National health insurance. I think this is inevitable, and I’d like to see us start talking about it again. Unfortunately, I suspect that the American public is not yet pissed off enough about healthcare to make this a winner. It’s a good idea, but maybe not for a few more years yet.
Next, we have to find some way of making Republicans look scary. I’m not quite sure what the right issue is for this, but the more I read about the neocon agenda, the more I think this might be the one to target. After all, Lyndon Johnson beat Barry Goldwater in 1964 by making him look like he was set to plunge us into World War III, and I suspect that a really vigorous campaign to associate the administration with the neocon program might do the same in 2004.
This has to be done in a credible way so that it doesn’t just sound like liberal carping about the use of military force, but I bet some smart strategist could figure out how to do this. There’s plenty of scary stuff on the record about the neocon plan, and attacking it would either force Bush to repudiate it, which would hurt him with some of his core supporters, or else accept it and end up looking reckless and war hungry. I’m not sure the neocons realize just how scary their plans sound to moderate voters, so this has the potential to be a winner.

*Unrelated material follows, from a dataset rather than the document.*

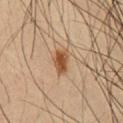The lesion was photographed on a routine skin check and not biopsied; there is no pathology result. Imaged with cross-polarized lighting. A region of skin cropped from a whole-body photographic capture, roughly 15 mm wide. A male subject aged approximately 35. The lesion is on the front of the torso. Approximately 3 mm at its widest.
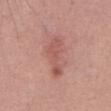workup = no biopsy performed (imaged during a skin exam) | patient = male, aged 53–57 | acquisition = 15 mm crop, total-body photography | diameter = ~5 mm (longest diameter) | location = the abdomen.

Finally, whoever wins the Democratic nomination desperately needs to be credible on national security and needs to have a plan that distinguishes him from the Bush administration. Somehow, in easily digestible soundbites, it needs to include an attack on Bush’s homeland security record, a compelling argument for multilateral cooperation, and a sense that the candidate truly takes the threat of terrorists and rogue states seriously. Unfortunately, I suspect this rules out people like Howard Dean, even if he does get lots of applause from Democratic activists, and limits the serious candidates to people like Kerry, Edwards, and maybe Lieberman.
So that’s it, a little bit of thinking out loud about 2004. We now return you to your regularly scheduled war.